Saved entries -
##############################

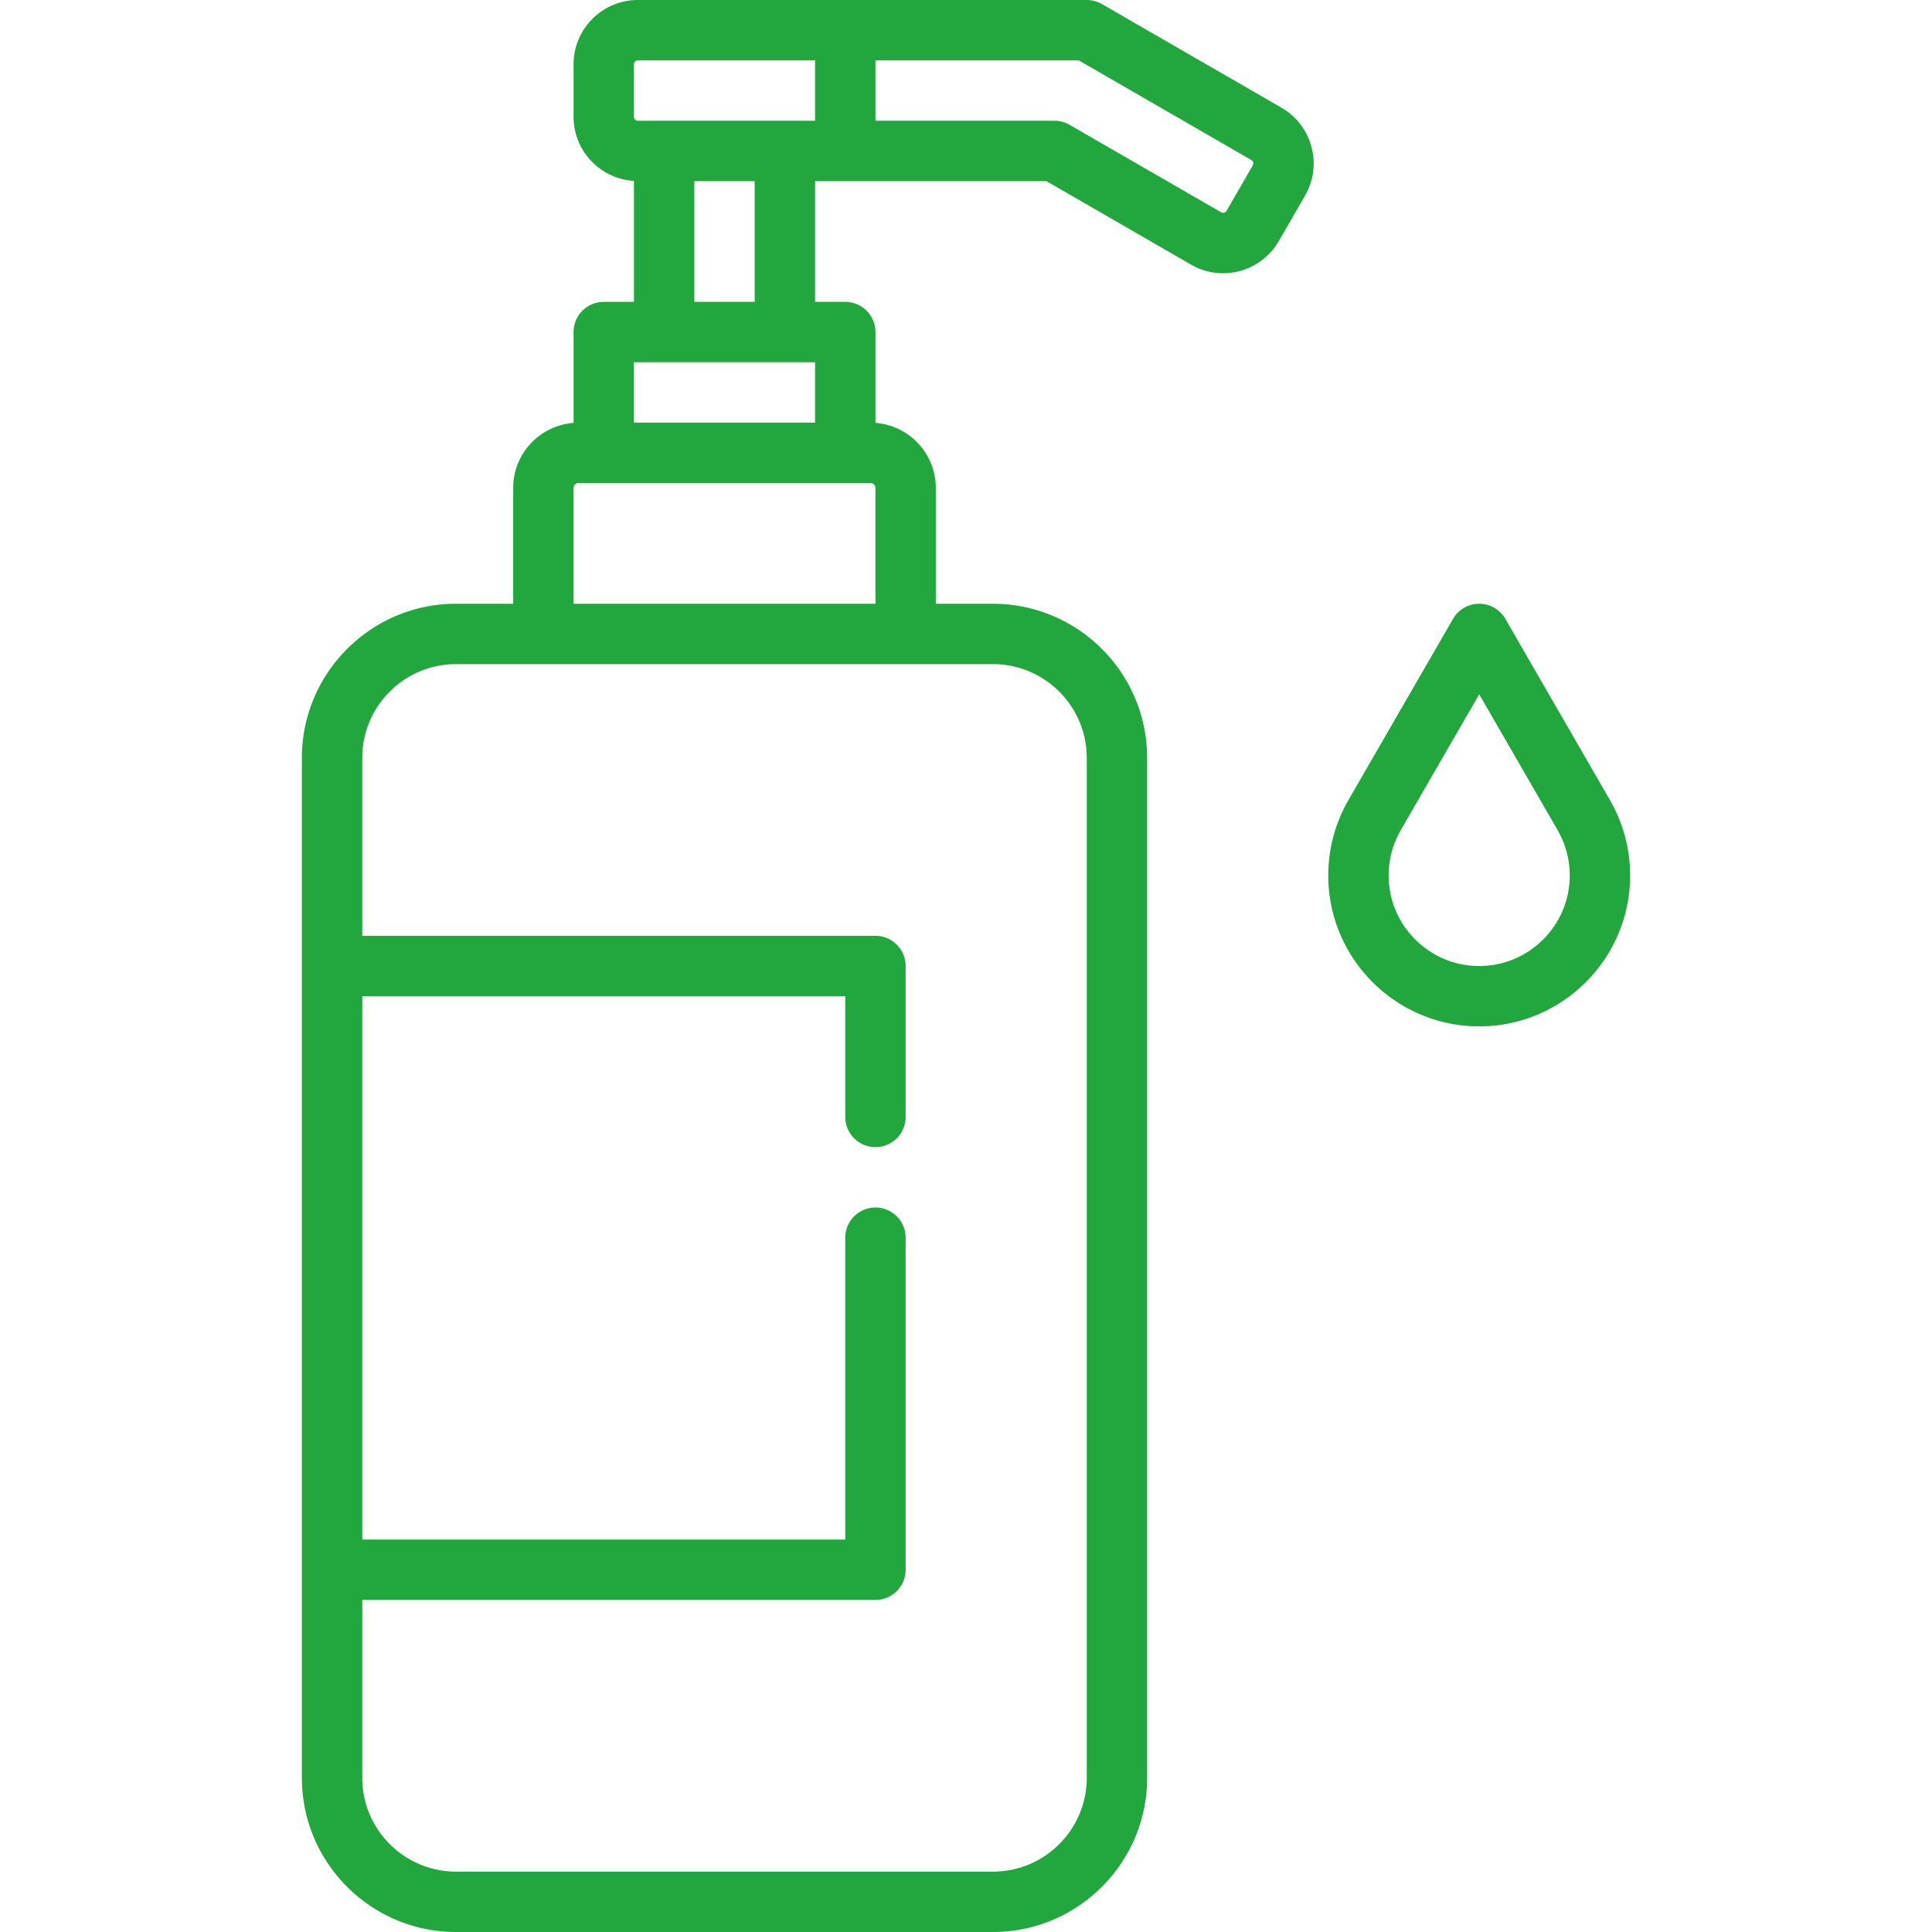 <?xml version="1.0" encoding="UTF-8"?>
<svg xmlns="http://www.w3.org/2000/svg" xmlns:xlink="http://www.w3.org/1999/xlink" version="1.1" width="512" height="512" x="0" y="0" viewBox="0 0 512 512" style="enable-background:new 0 0 512 512" xml:space="preserve" class="">
  <g>
    <path d="M427.082 212.785a7.375 7.375 0 0 0-.201-.369L398.928 164a7.998 7.998 0 0 0-13.856 0l-27.953 48.416c-.07.122-.137.245-.201.369A40.047 40.047 0 0 0 352 232c0 22.056 17.944 40 40 40s40-17.944 40-40c0-6.711-1.7-13.348-4.918-19.215zM392 256c-13.234 0-24-10.767-24-24a24.003 24.003 0 0 1 3.113-11.823L392 183.999l20.887 36.177.077.142A24 24 0 0 1 416 232c0 13.233-10.766 24-24 24zM339.619 28.551l-47.597-27.48a7.887 7.887 0 0 0-1.681-.724A8.012 8.012 0 0 0 288-.001H169.04c-9.396 0-17.04 7.645-17.04 17.04v13.92c0 9.044 7.089 16.445 16 16.987v32.053h-8a8 8 0 0 0-8 8v24.067c-8.934.681-16 8.151-16 17.256v30.677h-15.144C98.328 159.999 80 178.327 80 200.855v270.289C80 493.672 98.328 512 120.856 512h142.287c22.528 0 40.856-18.328 40.856-40.856V200.856c0-22.528-18.328-40.856-40.856-40.856h-15.144v-30.677c0-9.105-7.066-16.576-16-17.256V88a8 8 0 0 0-8-8h-8V48h61.305l38.313 22.12a16.936 16.936 0 0 0 12.932 1.703 16.93 16.93 0 0 0 10.347-7.939l6.959-12.055c4.696-8.137 1.899-18.579-6.237-23.278zM168 17.04c0-.573.467-1.04 1.04-1.04H216v16h-46.96c-.573 0-1.04-.467-1.04-1.04zM168 96h48v16h-48zm120 104.856v270.288C288 484.85 276.85 496 263.144 496H120.856C107.15 496 96 484.85 96 471.144V424h136a8 8 0 0 0 8-8v-88a8 8 0 0 0-16 0v80H96V264h128v32a8 8 0 0 0 16 0v-40a8 8 0 0 0-8-8H96v-47.144C96 187.15 107.15 176 120.856 176h142.287c13.706 0 24.856 11.15 24.856 24.856zM152 160v-30.677c0-.729.594-1.323 1.324-1.323h77.353c.73 0 1.324.594 1.324 1.323V160h-80zm48-80h-16V48h16zm132-36.171-6.959 12.055a1 1 0 0 1-.631.484 1.013 1.013 0 0 1-.79-.104l-40.171-23.192a8.011 8.011 0 0 0-4-1.071h-47.448V16h53.879l45.739 26.407c.497.287.668.925.381 1.422z" fill="#22a73f" opacity="1" data-original="#000000"></path>
  </g>
</svg>

##############################

DESCRIPTION OF THE TASK -
Print each record exactly as it stands, leaving the images out.

TASK SOLUTION -
 <?xml version="1.0" encoding="UTF-8"?>
<svg xmlns="http://www.w3.org/2000/svg" xmlns:xlink="http://www.w3.org/1999/xlink" version="1.1" width="512" height="512" x="0" y="0" viewBox="0 0 512 512" style="enable-background:new 0 0 512 512" xml:space="preserve" class="">
  <g>
    <path d="M427.082 212.785a7.375 7.375 0 0 0-.201-.369L398.928 164a7.998 7.998 0 0 0-13.856 0l-27.953 48.416c-.07.122-.137.245-.201.369A40.047 40.047 0 0 0 352 232c0 22.056 17.944 40 40 40s40-17.944 40-40c0-6.711-1.7-13.348-4.918-19.215zM392 256c-13.234 0-24-10.767-24-24a24.003 24.003 0 0 1 3.113-11.823L392 183.999l20.887 36.177.077.142A24 24 0 0 1 416 232c0 13.233-10.766 24-24 24zM339.619 28.551l-47.597-27.48a7.887 7.887 0 0 0-1.681-.724A8.012 8.012 0 0 0 288-.001H169.04c-9.396 0-17.04 7.645-17.04 17.04v13.92c0 9.044 7.089 16.445 16 16.987v32.053h-8a8 8 0 0 0-8 8v24.067c-8.934.681-16 8.151-16 17.256v30.677h-15.144C98.328 159.999 80 178.327 80 200.855v270.289C80 493.672 98.328 512 120.856 512h142.287c22.528 0 40.856-18.328 40.856-40.856V200.856c0-22.528-18.328-40.856-40.856-40.856h-15.144v-30.677c0-9.105-7.066-16.576-16-17.256V88a8 8 0 0 0-8-8h-8V48h61.305l38.313 22.12a16.936 16.936 0 0 0 12.932 1.703 16.93 16.93 0 0 0 10.347-7.939l6.959-12.055c4.696-8.137 1.899-18.579-6.237-23.278zM168 17.04c0-.573.467-1.04 1.04-1.04H216v16h-46.96c-.573 0-1.04-.467-1.04-1.04zM168 96h48v16h-48zm120 104.856v270.288C288 484.85 276.85 496 263.144 496H120.856C107.15 496 96 484.85 96 471.144V424h136a8 8 0 0 0 8-8v-88a8 8 0 0 0-16 0v80H96V264h128v32a8 8 0 0 0 16 0v-40a8 8 0 0 0-8-8H96v-47.144C96 187.15 107.15 176 120.856 176h142.287c13.706 0 24.856 11.15 24.856 24.856zM152 160v-30.677c0-.729.594-1.323 1.324-1.323h77.353c.73 0 1.324.594 1.324 1.323V160h-80zm48-80h-16V48h16zm132-36.171-6.959 12.055a1 1 0 0 1-.631.484 1.013 1.013 0 0 1-.79-.104l-40.171-23.192a8.011 8.011 0 0 0-4-1.071h-47.448V16h53.879l45.739 26.407c.497.287.668.925.381 1.422z" fill="#22a73f" opacity="1" data-original="#000000"></path>
  </g>
</svg>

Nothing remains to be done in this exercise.